I do feel like a single "starter" of One has fairly limited deck-building options. Well, to be more precise, I think you can throw together any number of basic, fully-functional, playable decks with that set of 120 cards, which is great, but (especially for experienced CCG players) you'll be left wanting additional cards to tune it up in any satisfying way. We've only played Rambo vs Hannibal so far, but with the limited card pool I have I'm not sure how much variety I'd see in alternate decks.

Which brings me to theme.

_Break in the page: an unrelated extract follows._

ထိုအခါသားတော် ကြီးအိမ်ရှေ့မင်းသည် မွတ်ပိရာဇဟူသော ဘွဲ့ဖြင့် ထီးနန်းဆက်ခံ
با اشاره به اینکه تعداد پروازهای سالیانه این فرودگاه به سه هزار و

I think the overall theme will pretty much appeal to personal taste. I'm not a huge fan of the theme, but I don't mind it, either. I do like seeing Rambo and Ash in a game, and I'm a sucker for movie quotes on cards like "This Is My Boomstick" and so on. The Hannibal basic deck did not make me feel especially like Hannibal, but facing Rambo, I think his special ability to survive really felt thematic (he can burn energy and discard cards from hand to cancel a fight his opponent just won -- very steep cost, but oh so effective/annoying).

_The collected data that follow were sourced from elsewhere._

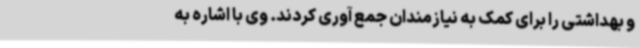
و بهداشتی را برای کمک به نیازمندان جمع آوری کردند. وی با اشاره به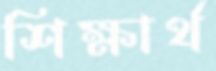
শিক্ষার্থ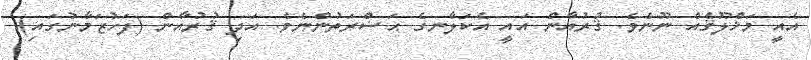
އެއީ މަޚްލޫޤެއް ނޫނެވެ. ޤުރުއާން އައީ އެކަލާނގެ ޙަޟްރަތުންނެވެ. އަދި ޤުރުއާން (ފަހުޒަމާނުގައި)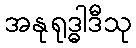
အနုရုဒ္ဓါဒီသု

Oh, one more thing - the fighting is abstract. You're not playing cards like "Left Hook" and "Shotgun Blast" in these fights/skirmishes. You have support cards like weapons and bad attitudes, but the "fighting" is fairly abstract, FYI.

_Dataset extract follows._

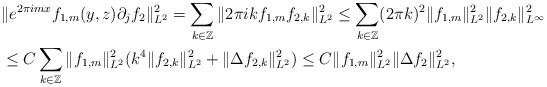
LaTeX: \begin{align*}&\|e^{2\pi imx}f_{1,m}(y,z)\partial_jf_2\|_{L^2}^2=\sum\limits_{k\in\mathbb{Z}}\|2\pi ikf_{1,m}f_{2,k}\|_{L^2}^2\leq\sum\limits_{k\in\mathbb{Z}}(2\pi k)^2\|f_{1,m}\|_{L^2}^2\|f_{2,k}\|_{L^{\infty}}^2\\ &\leq C\sum\limits_{k\in\mathbb{Z}}\|f_{1,m}\|_{L^2}^2(k^4\|f_{2,k}\|_{L^2}^2+\|\Delta f_{2,k}\|_{L^2}^2)\leq C\|f_{1,m}\|_{L^2}^2\|\Delta f_2\|_{L^2}^2,\end{align*}

My initial rating for Fight Klub, based on the 120 cards I own: 7.0. Just to give me some street cred (or waste it altogether, heh) with the CCG crowd, here are my ratings for some other CCGs as a frame of reference:

L5R = 8.0 (extensive from launch thru Jade)
AGOT = 8.0 (from launch thru Winter)
MECCG = 8.0 (from launch thru death)
Spoils = 7.5 (limited while it was alive the first time)
Shadowfist = 7.5 (extensive from launch thru YotD, a 9.0 for Fun)
WoW = 7.0 (limited when it first came out)
SWCCG = 7.0 (had a ton of cards, very few chances to play at the time)
Doomtown = 7.0 (only after it was dead)
Magic = 6.5 (Revised thru 4th - don't know what the game looks like now)
7th Sea = 6.5 (only after it was dead)
LotR = 6.0 (block 1 was fun but unbalanced, Decipher lost me after that)
VS = 6.0 (limited)
Spycraft = 6.0 (too many moving parts for a card game)
OverPower = 5.0 (glorified war)
BSG = 5.0 (waste of a good license)
Towers in Time = 2.5 (barf)

Phew! Now, on to...

Fight Klub - the Pyramid Scheme

Not. Decipher (and the people who dare try this thing out) sure seem to be catching a lot of crap about the marketing model for this. For the uneducated, here it is.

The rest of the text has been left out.